Carole Cadwalladr durante una charla TED.

Carole Cadwalladr

Si Silicon Valley es la bestia, entonces las conferencias TED son sus entrañas. Y el lunes, logré penetrar en ellas. Este encuentro tecnológico que se ha convertido en un fenómeno mediático mundial con charlas breves y contundentes de “ideas que merecen ser difundidas” es lo más cercano que tiene Silicon Valley a una guarida.

La semana pasada logré entrar en su guarida no como simple espectadora sino desempeñando un papel activo. No es mérito mío y tampoco mi responsabilidad. No me invité a la conferencia, que se celebra anualmente en Vancouver, ni programé mi charla en una sesión llamada “Truth” (Verdad).

Lo que sí hice fue recabar todo lo que he estado publicando en Observer durante los últimos dos años y medio y lo condensé en una conferencia de 15 minutos, que pronuncié en el auditorio principal con las personas que yo misma había descrito como “los dioses de Silicon Valley” entre el público: Mark Zuckerberg, Sheryl Sandberg, Larry Page, Sergey Brin y Jack Dorsey. Es decir, los fundadores de Facebook y Google, que patrocinaban la conferencia, y el cofundador de Twitter, uno de los conferenciantes.

Les dije que, con sus plataformas, habían hecho posible que se cometieran numeras irregularidades en el referéndum para decidir si el Reino Unido permanecía o salía de la Unión Europea. También señalé que tal como están las cosas, no creo que sea posible volver a tener elecciones libres y justas nunca más. La democracia liberal se ha roto. Ellos la han roto.

No fue hasta más tarde cuando me percaté de lo que habían hecho los responsables de TED al invitarme: en ese escenario, con ese público, invitarme había sido como permitir que el zorro entrara en el gallinero. Y yo era el zorro. O como dijo uno de los asistentes: “Entraste en su templo y te cagaste en el altar.”

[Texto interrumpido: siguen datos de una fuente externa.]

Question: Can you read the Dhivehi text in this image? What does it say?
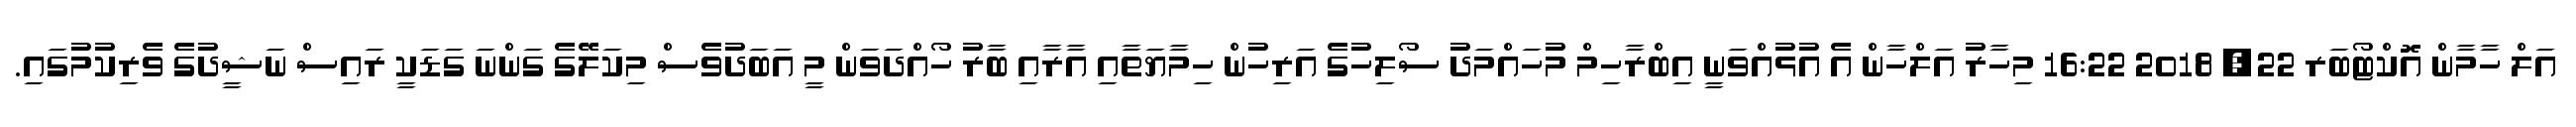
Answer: އަލް ހާމާން އޮކްޓޯބަރ 22, 2018 16:22 މިހާރު އަލްހާން އެ އުޅުއްވަނީ އިބްރާހިމް މުހައްމަދު ސޯލިހުގެ އަރިހުން ހިމާޔަތާއި އާރާއި ބާރު ހޯއްދަވަން މީ އަބަދުވެސް މިކަލޭގެ ގަންނަ ގަޑަކީ ރައިސް ނަޝީދުގެ ވެރިކަުމުގައި.

Es así. Y no menos importante: los mencioné uno a uno. Nadie me había indicado que no lo hiciera. Así que los mencioné, delante de un público integrado por sus compañeros, mentores, empleados, amigos e inversores.

Cuando terminé, se hizo el silencio en el auditorio y poco después el público estalló en gritos y vítores. “Es lo que todos pensamos”, me dijo o una persona: “pero hasta ahora nadie lo había dicho”.

No es exagerado afirmar que los eventos organizados por TED son el templo sagrado del sector tecnológico. En sus inicios, las charlas sirvieron para presentar a los nuevos milagros del sector -el Apple Macintosh y el CD-Rom- y en los últimos años se ha convertido en el lugar que ha articulado más claramente el evangelio de Silicon Valley. Para muchos, entre los que me incluyo, estas charlas nos hicieron descubrir la emoción y las posibilidades de la tecnología. Un tipo de utopía tecnológica que, a pesar de que el mundo se ha oscurecido, a este evento le ha costado mucho renunciar.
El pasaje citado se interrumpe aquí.